I've seen it happen a couple times.
One more comment from my experience with points - I've only be working with them for close to 50 years. You need smooth, oil free shiny metal surfaces that mate squarely and the pivot is not worn. If a coarse file or sandpaper is used, you will have raised ridges that do not last long due to the arcing when they open and close. The small high points will quickly erode and create poor contact. Sand paper can also leave residues on the contact surfaces.
 
Well this morning I was replacing the starter rope and noticed the switch was off?:innocent:

No way.. it didn't start but it sure wanted to. I put the original plug in and it started. It ran long enough to tune the carburetor and died. At that point it would not start again. Could it be as simple as my new ngk plug was bad out of the package?

Not likely.

This is too see if you lost spark or if it's fuel related. (or both)

First take the spark plug out and and with the switch in the ON position observe the spark.(as described above)
Take the muffler off and watch for wetness or dryness of the exhaust port while cranking.
 
You guys where on the money. I filed the points with a points file, reset the gap and it runs great. I wish I had taken some pictures of the rebuild process to share but sounds like you guys have seen it all before.... Thanks again everyone.
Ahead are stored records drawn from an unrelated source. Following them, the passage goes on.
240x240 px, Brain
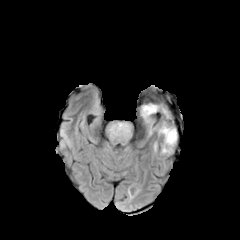
FLAIR MRI.
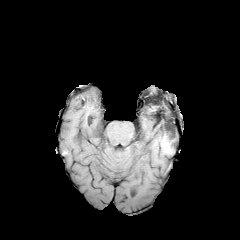
T1-weighted MR.
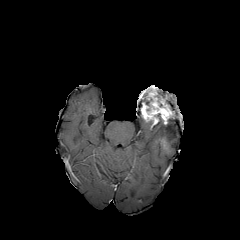
Same slice, post-contrast T1-weighted MRI.
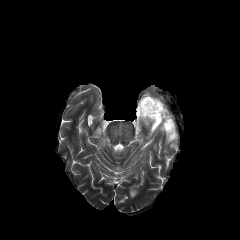
T2-weighted magnetic resonance.
Non-enhancing tumor core — l=153, t=113, r=171, b=128.
Edema — l=146, t=121, r=177, b=146.
Enhancing tumor — l=141, t=100, r=171, b=124.
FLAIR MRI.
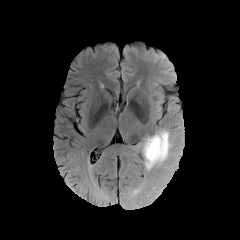
T1-weighted magnetic resonance.
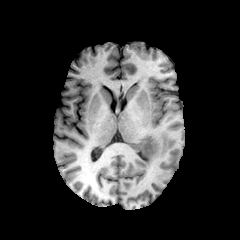
Post-contrast T1-weighted MRI.
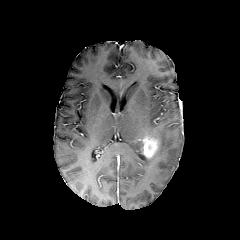
T2-weighted MR.
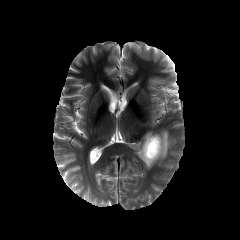
Head, Image size 240x240
enhancing tumor: <box>142,136,159,159</box> | edema: <box>142,129,175,169</box>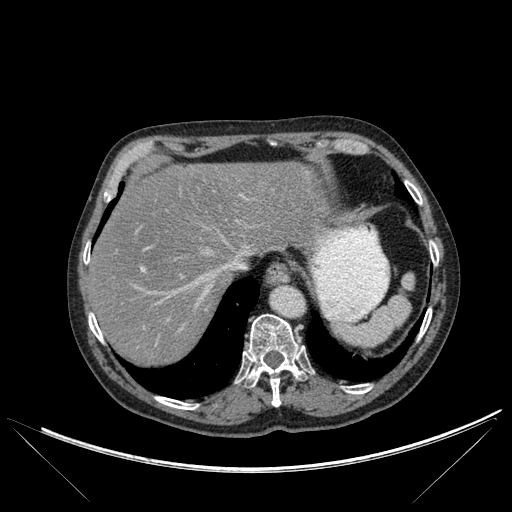 CT slice

<segmentation>
  <liver>bbox(89, 162, 317, 366)</liver>
  <bone>bbox(89, 313, 102, 341); bbox(430, 241, 438, 264); bbox(83, 244, 89, 263); bbox(241, 314, 310, 406); bbox(419, 308, 431, 337); bbox(405, 180, 422, 203); bbox(155, 396, 196, 409); bbox(343, 384, 371, 394)</bone>
  <lung>bbox(306, 313, 422, 381); bbox(393, 173, 412, 204); bbox(120, 277, 258, 398); bbox(96, 185, 123, 236)</lung>
</segmentation>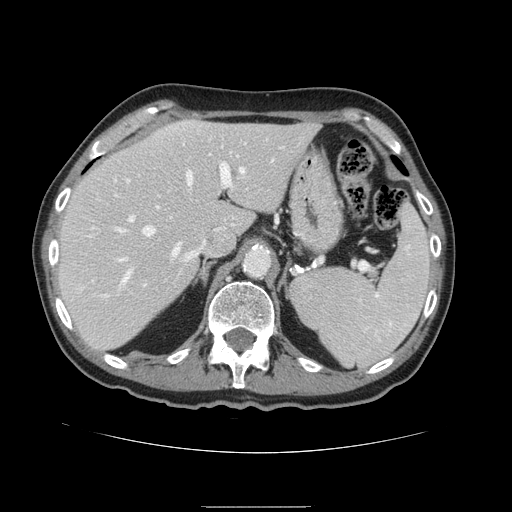
Computed tomography | Liver | Image size 512x512
Not every hepatic vessel necessarily has a box.
Hepatic vessel — (x1=213, y1=212, x2=245, y2=242), (x1=122, y1=271, x2=130, y2=283), (x1=187, y1=171, x2=193, y2=185), (x1=157, y1=206, x2=159, y2=207), (x1=117, y1=228, x2=124, y2=231), (x1=186, y1=235, x2=217, y2=258), (x1=240, y1=167, x2=244, y2=172), (x1=221, y1=162, x2=231, y2=186), (x1=173, y1=245, x2=179, y2=255), (x1=129, y1=216, x2=134, y2=220), (x1=143, y1=226, x2=154, y2=235), (x1=119, y1=258, x2=125, y2=260).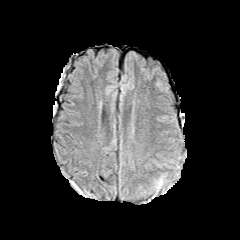
FLAIR MR image.
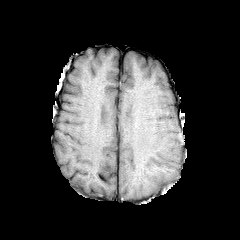
Same slice, T1-weighted MRI.
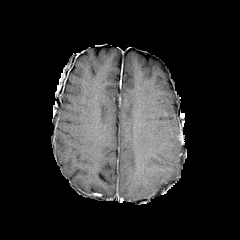
Same slice, post-contrast T1-weighted MR image.
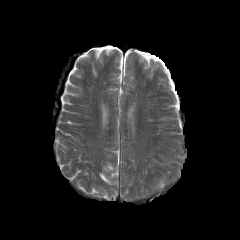
T2-weighted MR image.
Brain.
<segmentation>
  <edema>region(154, 176, 165, 189)</edema>
</segmentation>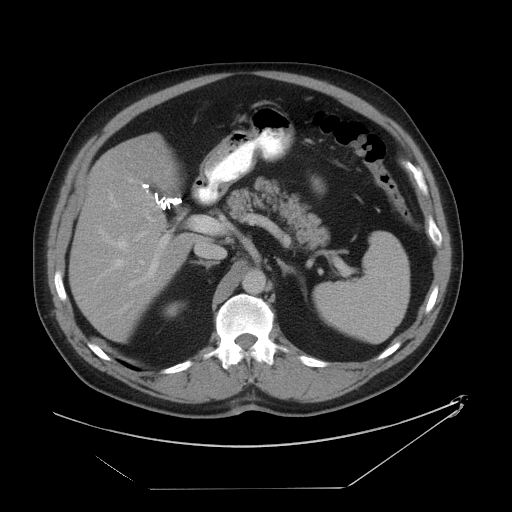 CT image

The spleen is bounded by (315,232,409,342).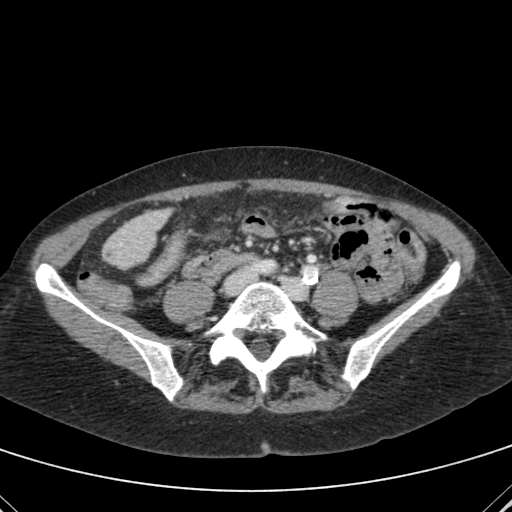 Abdomen, CT image

{"liver": ["[x1=104, y1=209, x2=170, y2=266]"]}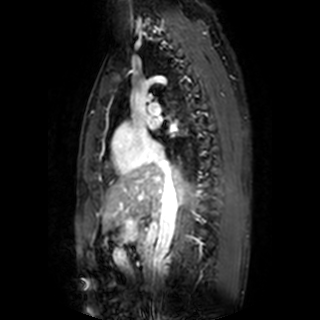
MRI slice, Cardiac
Left atrium: (x1=146, y1=115, x2=159, y2=129).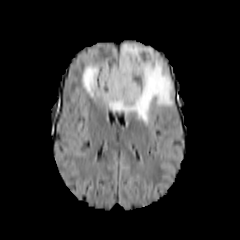
FLAIR MR image.
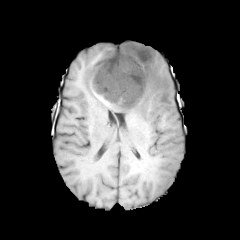
Same slice, T1-weighted MR.
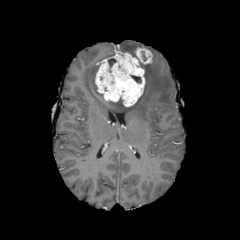
Post-contrast T1-weighted MR.
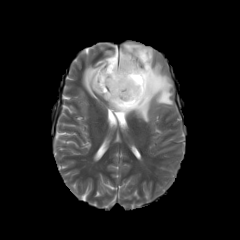
Same slice, T2-weighted MRI.
Head
Non-enhancing tumor core — 114:97:123:107, 108:58:116:68.
Edema — 82:42:173:126.
Enhancing tumor — 94:51:145:106, 133:48:152:64.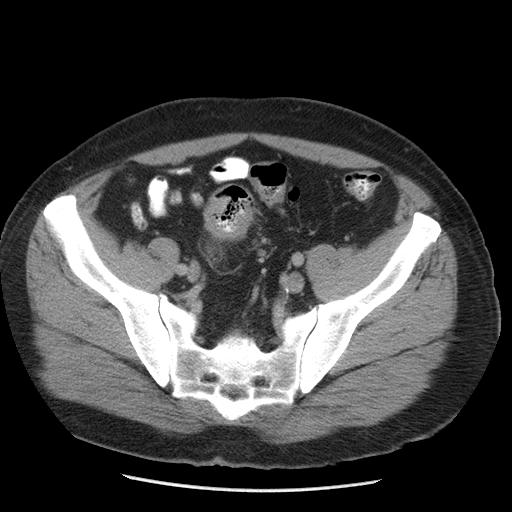 CT slice
colon_tumor:
  - (x1=204, y1=198, x2=252, y2=239)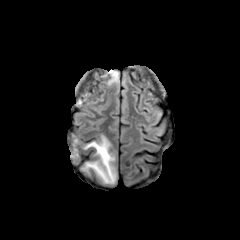
FLAIR magnetic resonance.
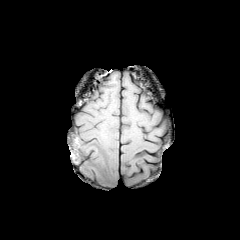
T1-weighted MR.
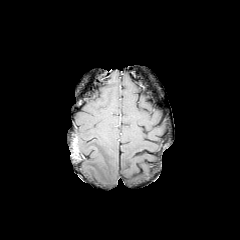
Same slice, post-contrast T1-weighted MR image.
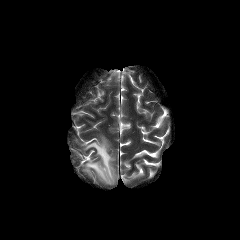
T2-weighted MR of the same slice.
The edema appears at l=82, t=135, r=116, b=184.
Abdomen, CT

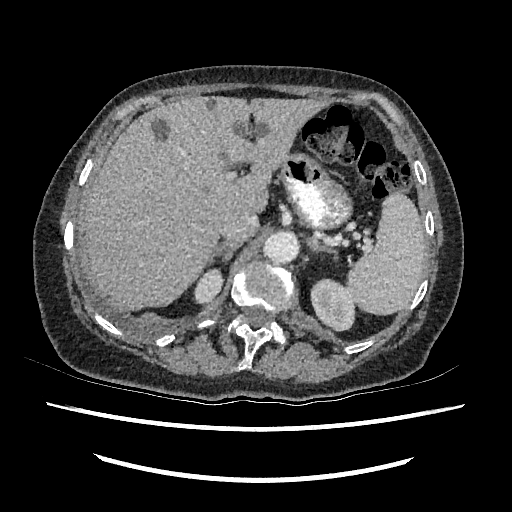 2 kidney regions are bounded by {"x1": 195, "y1": 270, "x2": 222, "y2": 302}, {"x1": 311, "y1": 280, "x2": 359, "y2": 330}. The liver lies within {"x1": 87, "y1": 97, "x2": 327, "y2": 309}. 4 liver lesion regions are located at {"x1": 235, "y1": 124, "x2": 248, "y2": 137}, {"x1": 256, "y1": 127, "x2": 266, "y2": 136}, {"x1": 207, "y1": 99, "x2": 215, "y2": 107}, {"x1": 153, "y1": 119, "x2": 168, "y2": 139}.
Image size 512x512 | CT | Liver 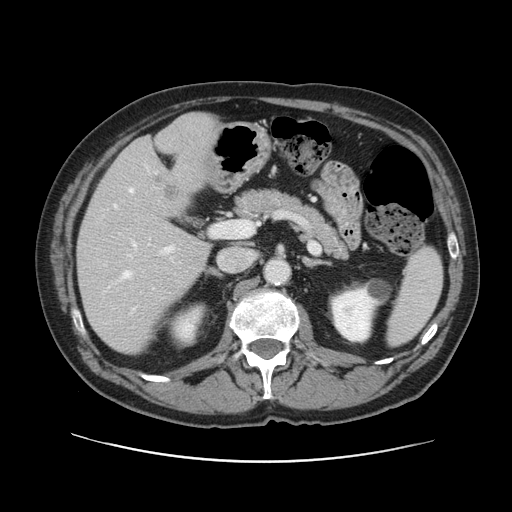 Only some of the vessels may be annotated.
Findings:
- hepatic vessel: 130,188,132,191; 161,246,172,253; 114,204,116,207; 134,243,135,246; 119,271,130,279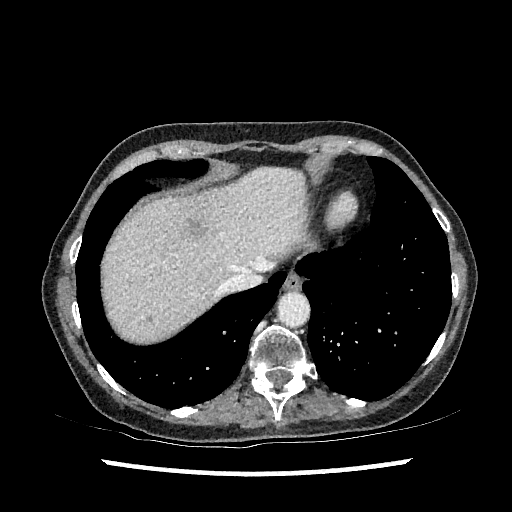 Computed tomography
liver:
  - 101,168,306,340
hepatic_lesion:
  - 190,219,206,239
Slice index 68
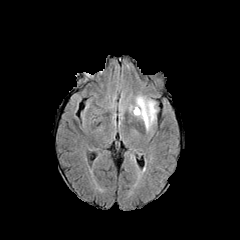
FLAIR magnetic resonance.
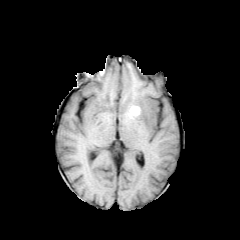
T1-weighted MR image.
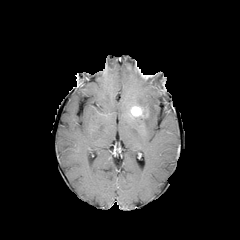
Post-contrast T1-weighted magnetic resonance.
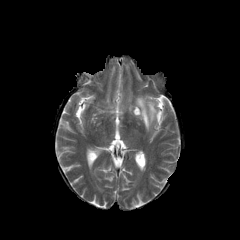
Same slice, T2-weighted MR image.
enhancing tumor: (131, 105, 147, 118) | edema: (136, 95, 156, 129)
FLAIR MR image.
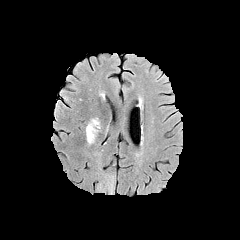
T1-weighted magnetic resonance.
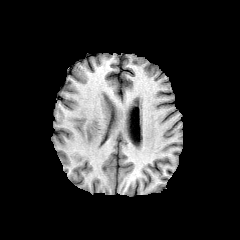
Post-contrast T1-weighted MR image.
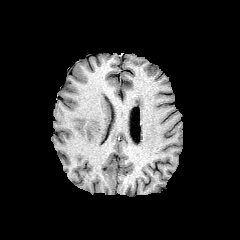
T2-weighted MR image.
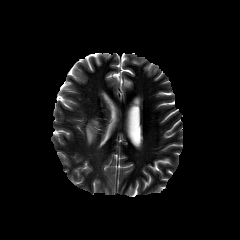
Image size 240x240; Brain
The edema appears at [86,118,100,144].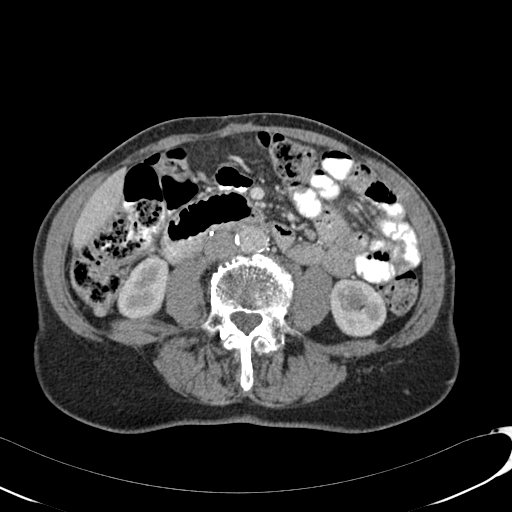
CT slice.

kidney:
  - <box>118,256,167,318</box>
  - <box>329,280,385,335</box>
liver:
  - <box>74,168,125,246</box>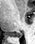
MRI slice; Medial temporal lobe

* posterior hippocampus: left=9, top=33, right=22, bottom=37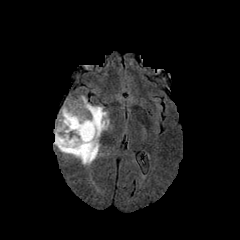
FLAIR MRI.
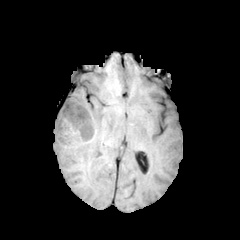
Same slice, T1-weighted MR.
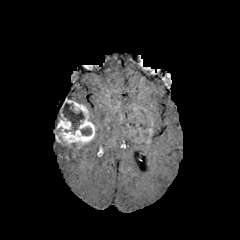
Post-contrast T1-weighted MRI.
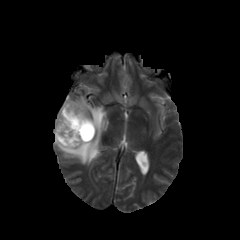
T2-weighted MR of the same slice.
Head. Image size 240x240.
enhancing tumor: 55:100:94:145 | edema: 54:94:109:166 | non-enhancing tumor core: 70:142:89:155, 62:103:84:131, 81:128:91:135, 62:142:81:148
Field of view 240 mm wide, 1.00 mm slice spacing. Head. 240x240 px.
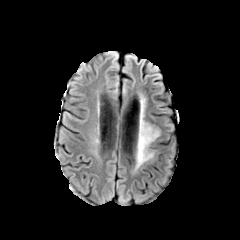
FLAIR magnetic resonance.
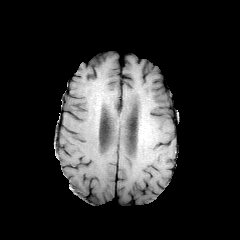
T1-weighted MR of the same slice.
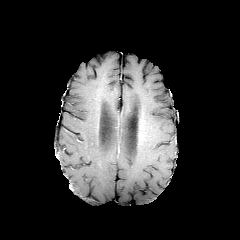
Post-contrast T1-weighted MR of the same slice.
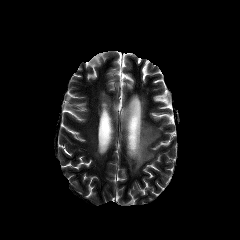
T2-weighted MR image.
Findings:
* edema: x1=134 y1=114 x2=159 y2=167
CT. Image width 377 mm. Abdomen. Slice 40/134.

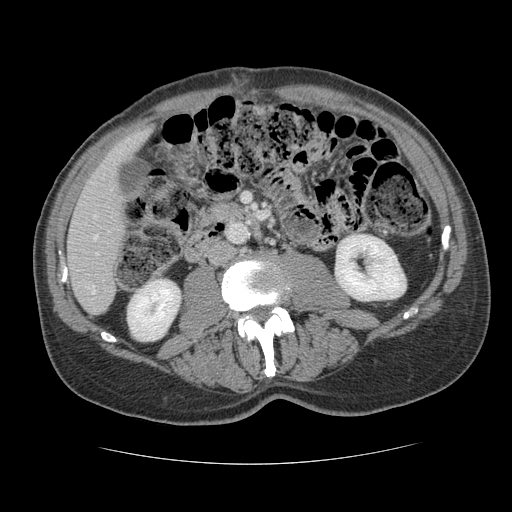 Only some of the vessels may be annotated.
Findings:
- hepatic vessel: 94, 215, 96, 216; 90, 285, 94, 293; 94, 234, 97, 238
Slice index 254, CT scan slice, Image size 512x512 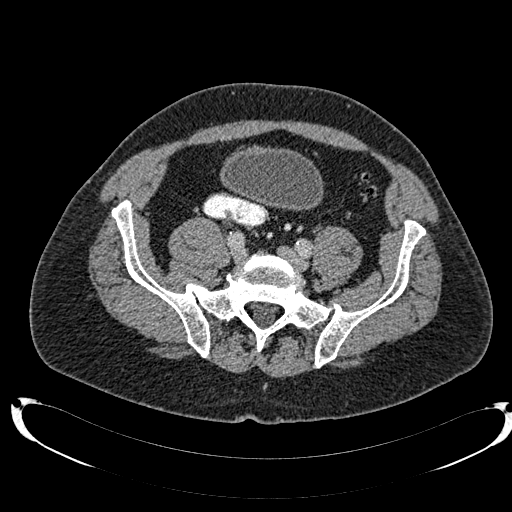
Urinary bladder: region(227, 150, 321, 206).
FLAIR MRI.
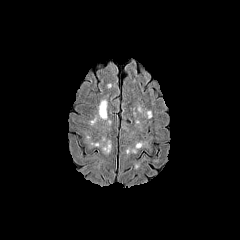
T1-weighted MR.
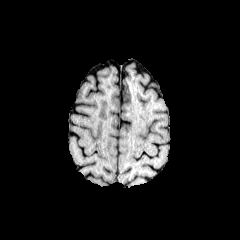
Post-contrast T1-weighted MR image.
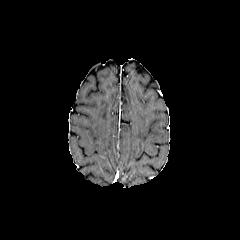
T2-weighted magnetic resonance.
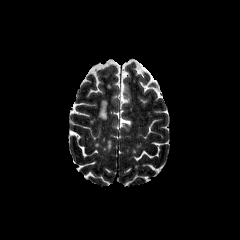
240x240 px | Brain
edema: (99,102,106,120)
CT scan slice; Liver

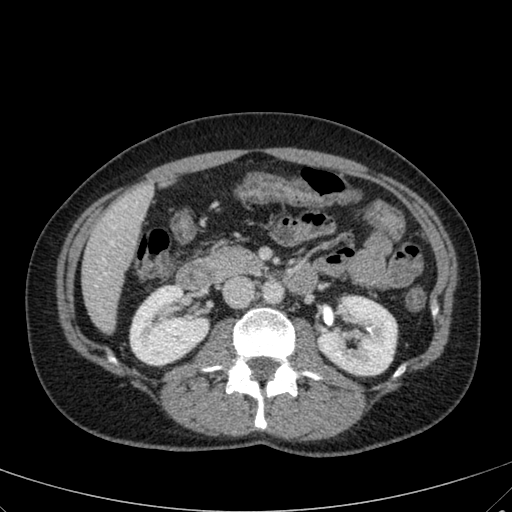 - kidney: [130, 286, 208, 364], [318, 296, 396, 374]
- liver: [82, 186, 151, 332], [159, 180, 170, 186]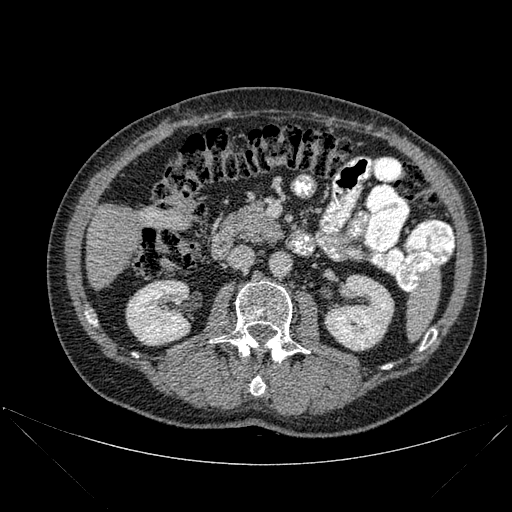

CT image | Abdomen
Kidney at x1=325, y1=275, x2=393, y2=350; x1=126, y1=280, x2=189, y2=345.
Liver at x1=86, y1=205, x2=141, y2=287.
Bone at x1=420, y1=329, x2=436, y2=350; x1=210, y1=281, x2=309, y2=362; x1=250, y1=376, x2=265, y2=395.
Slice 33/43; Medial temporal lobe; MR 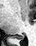 Segmented structures:
* posterior hippocampus: <box>12,35,23,39</box>
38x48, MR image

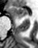

The anterior hippocampus lies within [9,6,28,17].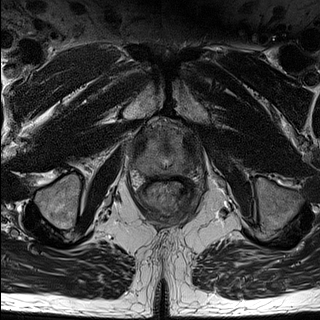
T2-weighted magnetic resonance.
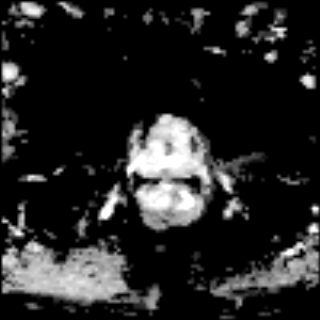
Same slice, ADC MRI.
Prostate
{
  "prostate_transition_zone": [
    "bbox(154, 136, 176, 168)"
  ],
  "prostate_peripheral_zone": [
    "bbox(141, 135, 186, 176)"
  ]
}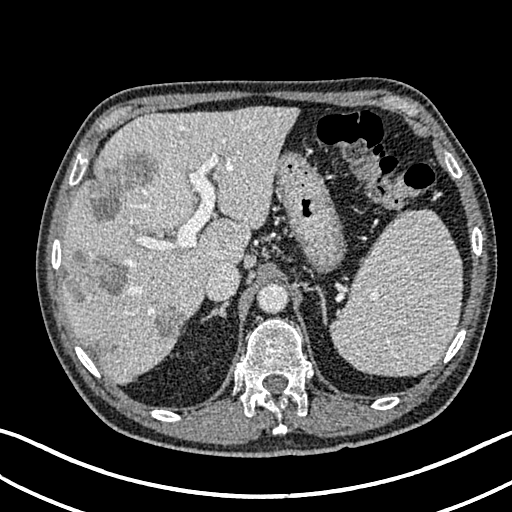 CT scan slice | 512x512
Findings:
• focal liver lesion: (x1=94, y1=341, x2=115, y2=354), (x1=88, y1=154, x2=158, y2=222), (x1=155, y1=305, x2=186, y2=338), (x1=66, y1=250, x2=129, y2=302)
• liver: (x1=64, y1=107, x2=297, y2=379)

I think I will continue the Mac 1-70 rebuild now.
 
I've got all kinds of points files, some are diamond impregnated especially made for points.

For my own equipment:
I very seldom use the points files unless it's just to get by until I can find new replacement points.
Usually the reason points fail is they are worn out.
Even re-gapping old worn points is usually not reliable. and a waste of time and effort.

Some claim they can file points and restore them to like new reliable condition, but I've never witnessed such.
I've also seen a set of ignition points last 40 years or longer, but disturb a set of ignition or electrical points after they have been in use for awhile and they fail to be trustworthy.

(old filed points seem to fail me right when you need them to be good)
My Dad was a good common sense mechanic as time goes on you forget who taught you some of the things you "JUST KNOW" . Doesn't seem like 50 and (some) years since I first heard this conversation but it has probably been 35 years since I heard it last. You said this well and I appreciate your comment. I worked on 480 volt starters through the years and the filing of the contacts is viewed the same way.